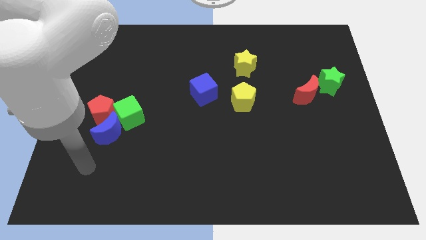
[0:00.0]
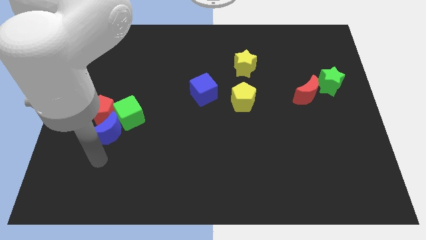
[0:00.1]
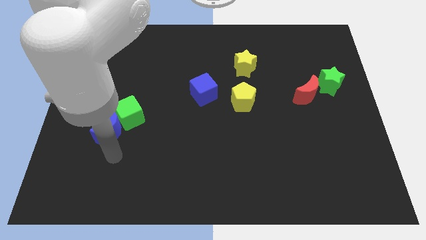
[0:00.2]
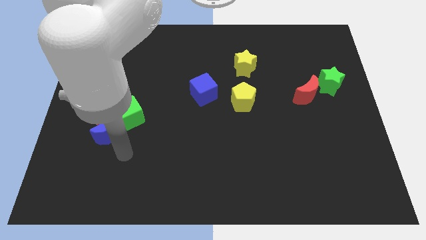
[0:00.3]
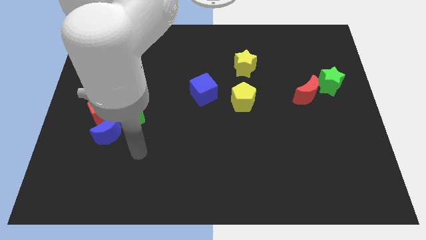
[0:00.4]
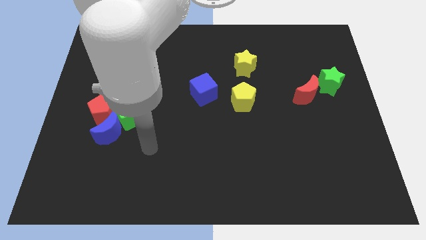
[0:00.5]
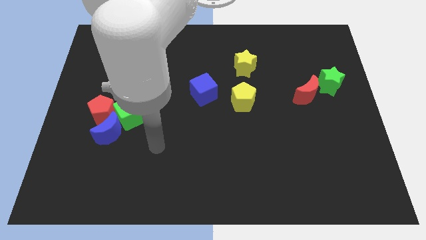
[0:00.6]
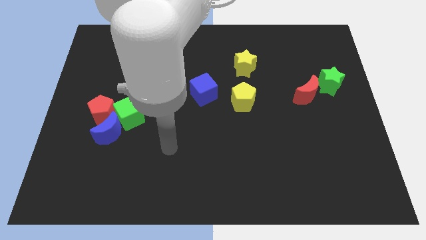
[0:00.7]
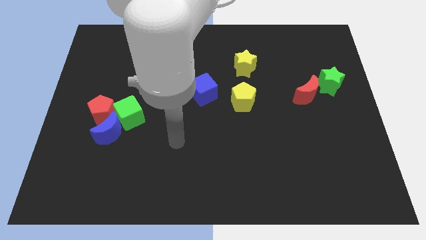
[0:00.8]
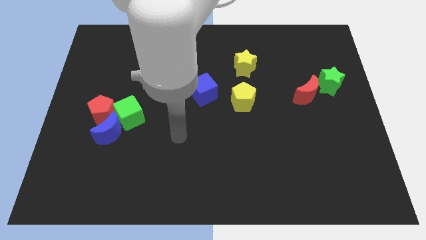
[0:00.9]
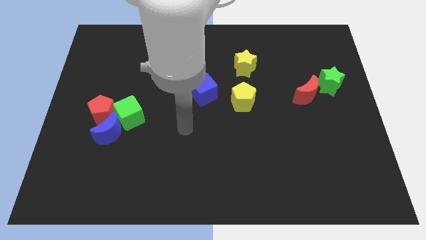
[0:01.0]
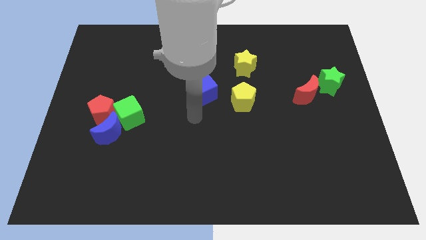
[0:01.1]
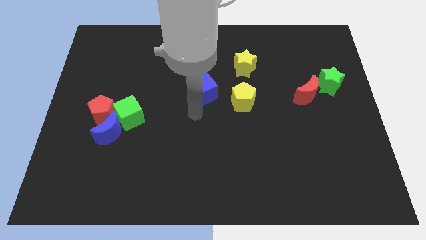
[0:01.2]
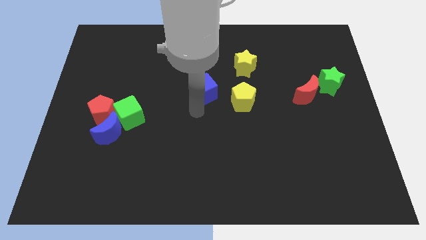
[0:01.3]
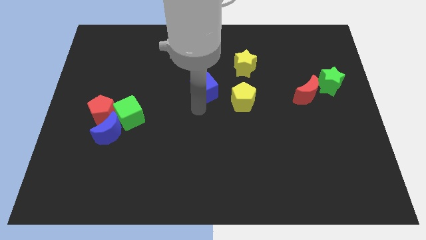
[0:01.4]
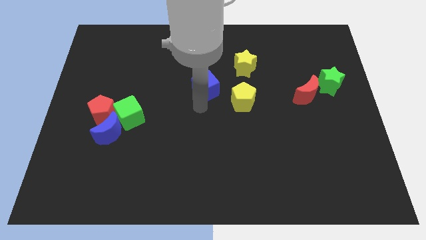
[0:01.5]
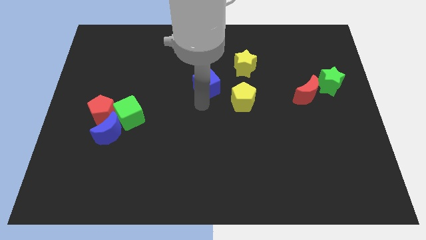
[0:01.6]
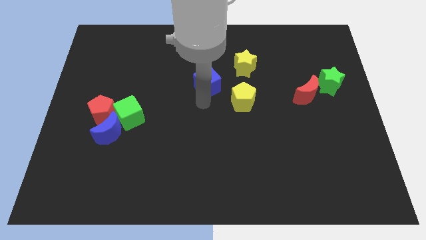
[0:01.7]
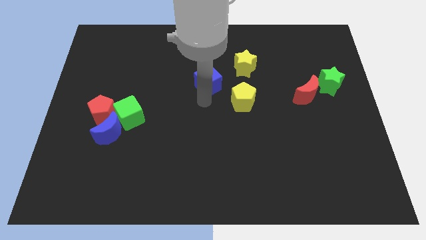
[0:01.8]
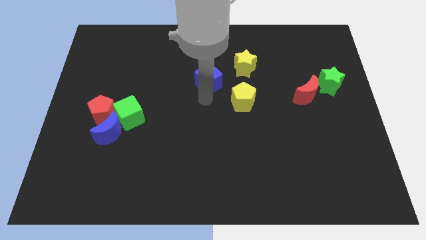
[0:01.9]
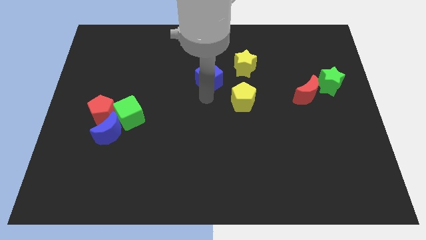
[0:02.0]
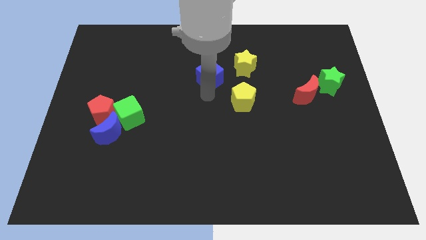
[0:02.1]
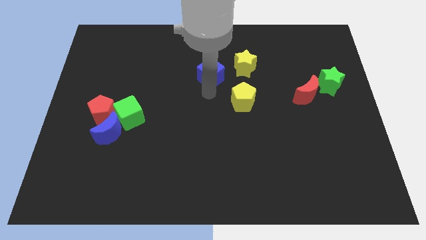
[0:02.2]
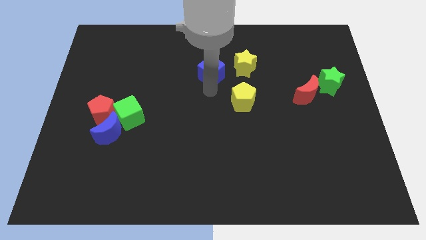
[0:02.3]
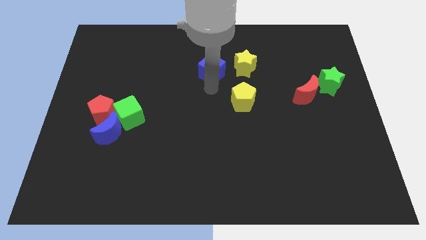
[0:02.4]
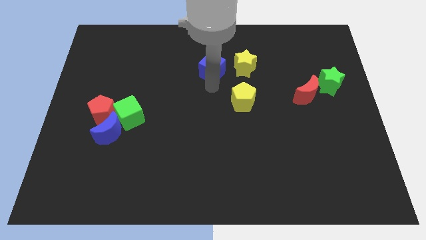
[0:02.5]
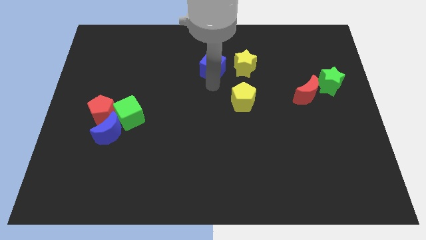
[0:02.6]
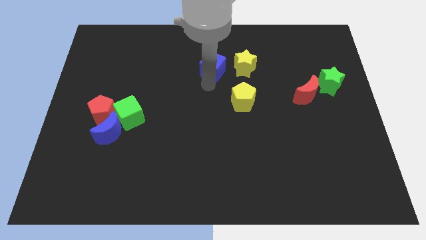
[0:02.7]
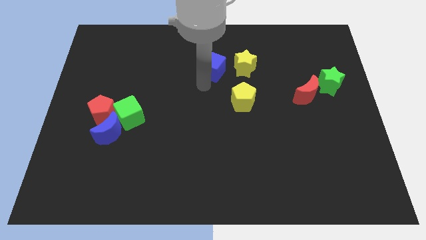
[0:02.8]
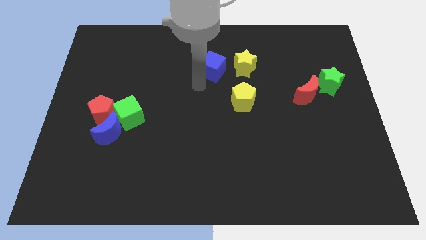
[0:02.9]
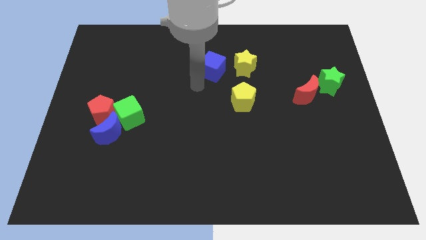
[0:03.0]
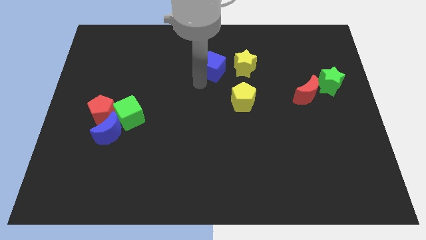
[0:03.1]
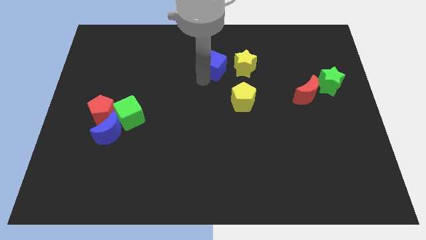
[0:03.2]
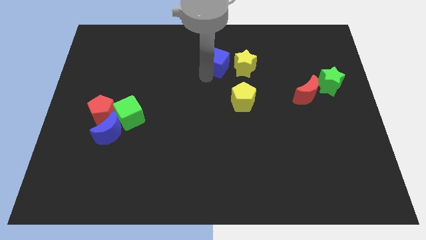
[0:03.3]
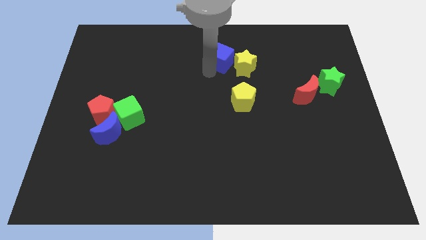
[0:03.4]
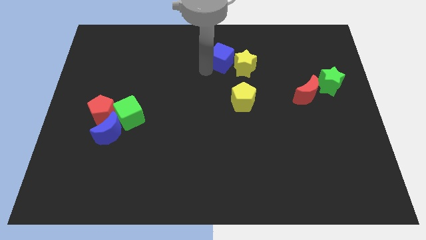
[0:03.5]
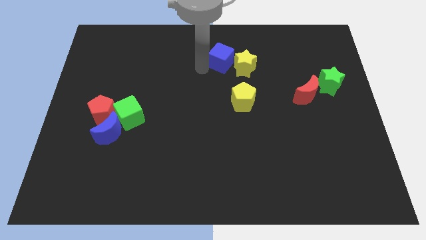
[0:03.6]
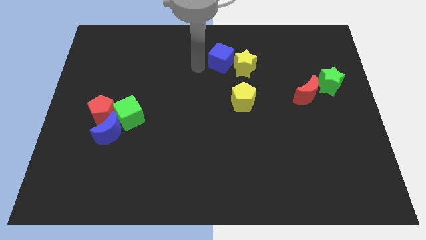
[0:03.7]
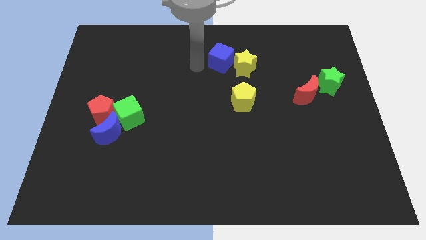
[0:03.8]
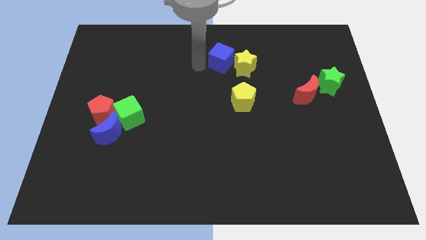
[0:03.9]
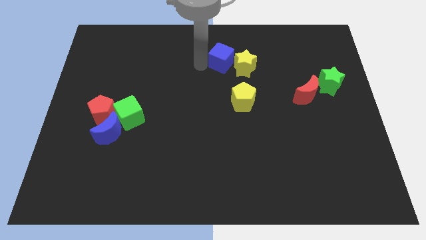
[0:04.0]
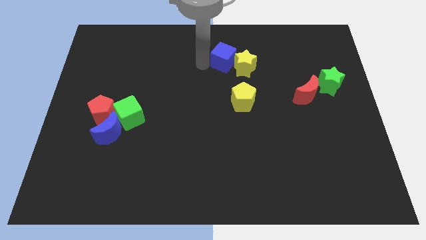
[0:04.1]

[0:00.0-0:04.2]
move the blue cube to the top of the yellow pentagon

(Assignment)
The records above are to be transcribed exactly, with every picture left out.

(The answer)
[0:00.0]
[0:00.1]
[0:00.2]
[0:00.3]
[0:00.4]
[0:00.5]
[0:00.6]
[0:00.7]
[0:00.8]
[0:00.9]
[0:01.0]
[0:01.1]
[0:01.2]
[0:01.3]
[0:01.4]
[0:01.5]
[0:01.6]
[0:01.7]
[0:01.8]
[0:01.9]
[0:02.0]
[0:02.1]
[0:02.2]
[0:02.3]
[0:02.4]
[0:02.5]
[0:02.6]
[0:02.7]
[0:02.8]
[0:02.9]
[0:03.0]
[0:03.1]
[0:03.2]
[0:03.3]
[0:03.4]
[0:03.5]
[0:03.6]
[0:03.7]
[0:03.8]
[0:03.9]
[0:04.0]
[0:04.1]

[0:00.0-0:04.2]
move the blue cube to the top of the yellow pentagon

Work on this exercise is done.